The Terabase Search Engine
Terabase 搜索引擎
基本信息
- 批准号:8882493
- 负责人:
- 金额:$ 34.61万
- 依托单位:
- 依托单位国家:美国
- 项目类别:
- 财政年份:2014
- 资助国家:美国
- 起止时间:2014-07-01 至 2017-04-30
- 项目状态:已结题
- 来源:
- 关键词:AccelerationAffectAlgorithmsArchivesChromosome StructuresCodeCommunitiesComplexComputational algorithmComputer softwareComputersCoupledDNA SequenceDNA Sequence DatabasesDataData CompressionData SetDatabasesDepositionDiseaseGalaxyGenesGenomeGoalsHealthHumanHuman GeneticsHuman GenomeInfectious Diseases ResearchInvestigationModelingMolecularMutationPositioning AttributeProcessReaction TimeReadingReal-Time SystemsResearchResearch PersonnelResourcesRetrievalRunningScientistSequence AnalysisServicesSiteSolutionsSorting - Cell MovementSpeedSystemTimeValidationVariantWritingbasecloud baseddesignhuman DNA sequencinghuman diseasehuman genome sequencingindexinginstrumentmicrobialnext generation sequencingnovel strategiesopen sourceprogramstooltraituser-friendlyweb interface
项目摘要
DESCRIPTION (provided by applicant): We propose to create a new system, the Terabase Search Engine that will make it possible for biomedical researchers to search all human DNA sequences that have been sequenced and deposited in public archives. The vast and growing resource of human DNA sequences provides a wealth of opportunities for scientific discovery and for validation of results, but the size of the data sets has already far exceeded the ability o most researchers to use them. For more than two decades, geneticists and geneticists have relied on DNA sequence databases for a wide range of scientific endeavors, including the discovery of new genes and new mutations, the investigation of evolutionary changes within and between species, the forces affecting chromosomal structure and change, and many other molecular and evolutionary processes. The ability to search all known genes and genomes using BLAST and similar programs has long been assumed, and sequence search engines throughout the world provide this ability.

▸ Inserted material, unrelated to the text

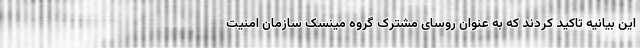
این بیانیه تاکید کردند که به عنوان روسای مشترک گروه مینسک سازمان امنیت
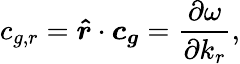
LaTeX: c_{g,r}=\boldsymbol{\hat{r}}\cdot\boldsymbol{c_{g}}=\frac{\partial\omega}{\partial k_{r}},
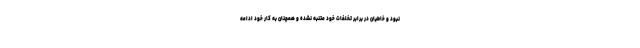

However, the raw data pouring out of next-generation sequencing (NGS) projects has exceeded our ability to provide rapid access to it. A single NGS instrument can generate six billion reads encompassing 600 billion bases in a single run, and this capacity is still growing. Traditional alignment programs like BLAST cannot sort through this data in a reasonable amount of time. Newer, faster programs such as Bowtie (developed by our group) allow far faster alignment of NGS reads to the genome, but today the size of the data sets, now in excess of 1 trillion reads, far exceeds the ability of most computers to store it. And
even the fastest alignment programs today could not search all this data in a reasonable amount of time. A new approach is required in order to serve up these huge and hugely valuable DNA sequences to the research community. The Terabase Search Engine will be a new, highly efficient system for searching trillions of bases in real time. Using a hierarchical search strategy with extensive pre-processing to speed up response time, the TSE will allow a scientist to align any sequence, human or non-human, to all publicly-available human sequence reads. Reads that match the human genome will be indexed and stored on very high-speed disks for rapid retrieval. Reads that match microbial sequences will be captured and stored separately for use in micro biome and infectious disease research. The system will be made available through a user-friendly web interface, and a local database will store each user's results for further analysis on the TSE site or for download to a local site. This system will make
it possible, for the first time ever, for any scientist to align a sequence to the complete set of human DNA sequences and to retrieve everything that matches, without the need to write special-purpose programs or to use complex cloud-based software interfaces. All of the software for this project will be developed under an open-source model that will permit others to use, modify, share, and re-distribute the code without restriction.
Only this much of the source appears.